アインシュタインやホーキング博士の理論の話をしているのではありません。

みなさんもよく経験することだと思いますが、自分の気持ちや置かれている状況によって、時間の感覚が伸び縮みし、「もうこんな時間」と感じたり、「まだこれだけしか経っていないのか」と感じたりすることがあります。これには諸説あり、様々な分野の研究者たちがいろいろな見解を出しています。

 たとえば、「時間への注目の仕方により、時間の流れの感じ方が変化する」「大人と子供の時間の感じ方は異なる」「病気のときは時間の流れがゆっくりしているように感じる」「命の危険にさらされているときはスローモーションのように感じる」「動物は身体の大きさにより呼吸や心拍の数が異なり、それにより時間の感じ方やまわりの動きの見え方、寿命が異なる」といったような研究がなされており、学会でも様々な角度から活発に議論されています。

経験的にもわかると思いますが、時間は自分が置かれた状況で「ものさし」自体が伸び縮みするので感じ方が変わるのです。
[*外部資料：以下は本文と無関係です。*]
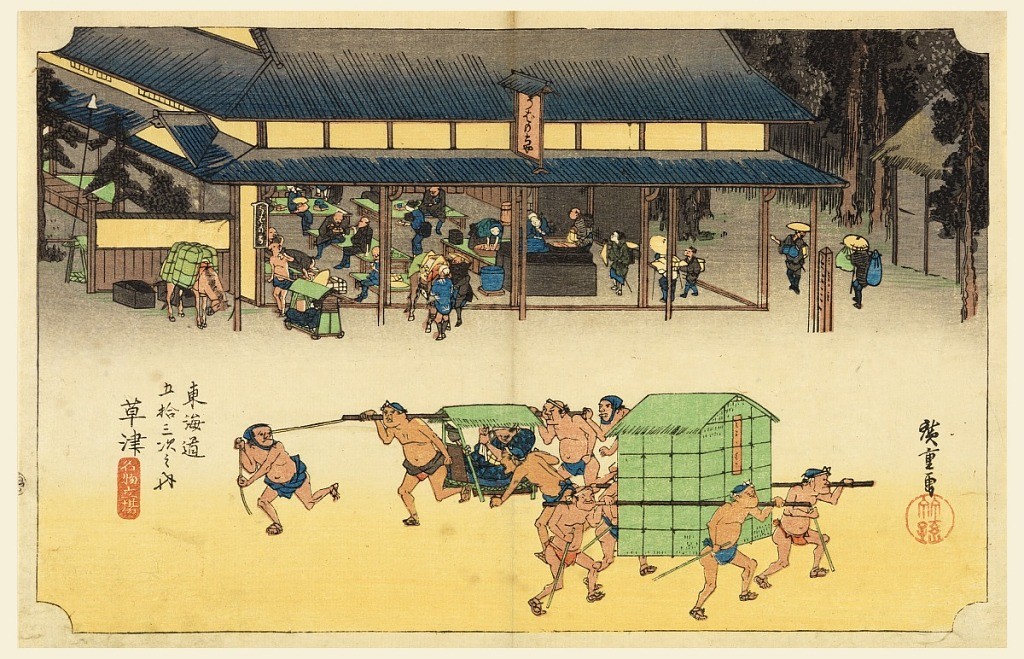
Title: Kusatsu, A Station Famous for its Rice Cakes, in The Fifty-Three Stations of the Tokaido Road (Tokaido Gojusan Tsugi-no Uchi)
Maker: Ando Hiroshige, Japanese, 1797–1858
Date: ca. 1834
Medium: Woodblock print (ukiyo-e) on mulberry paper (washi), ink with color
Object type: Print
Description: Large teahouse with travelers eating rice cakes which are being made under the veranda. Lower half, two litters, one open and one closed, both carried by coolies.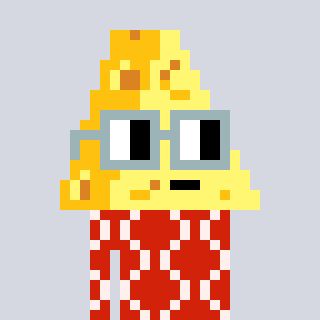
a pixel art character with square dark gray glasses, a cheese-shaped head and a red-colored body on a cool background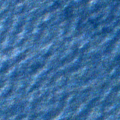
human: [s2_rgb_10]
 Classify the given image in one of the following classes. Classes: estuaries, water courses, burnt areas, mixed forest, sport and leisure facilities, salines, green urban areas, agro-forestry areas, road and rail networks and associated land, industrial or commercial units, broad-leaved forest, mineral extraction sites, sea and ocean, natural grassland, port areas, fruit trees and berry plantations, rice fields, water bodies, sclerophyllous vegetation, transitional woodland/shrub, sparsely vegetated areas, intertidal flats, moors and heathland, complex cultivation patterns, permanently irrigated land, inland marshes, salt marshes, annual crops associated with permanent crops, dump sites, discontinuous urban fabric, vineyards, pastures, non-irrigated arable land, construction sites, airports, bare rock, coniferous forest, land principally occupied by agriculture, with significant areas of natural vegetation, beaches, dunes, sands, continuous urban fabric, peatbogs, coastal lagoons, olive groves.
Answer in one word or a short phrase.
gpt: sea and ocean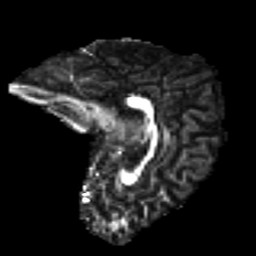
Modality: FA
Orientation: sagittal
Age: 28
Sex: male
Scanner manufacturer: ge
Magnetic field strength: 3 T
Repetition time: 7.8 s
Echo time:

忙しい時とゆとりがある時、朝と夜、平日と休日など、その状況により「ものさし」が変わったように感じ方が変化します。つまり主観的には時間は伸び縮みするものなのです。

そのことを理解していれば、それを逆手にとって気持ちや環境・状況を調整し、ゆとりある時間を過ごすことが可能となります。そして、準備、ダンドリ、手順などをうまくおこなうことにより、ある程度自分自身の時間の流れを自在にコントロールすることができるのです。

このようにあたりまえのような「時間の性質」をあらためて確認してみると、何か自分自身の中に少し見えてきたものがありませんか。そして、「時間を大切にしたい」という気持ちになってきませんか。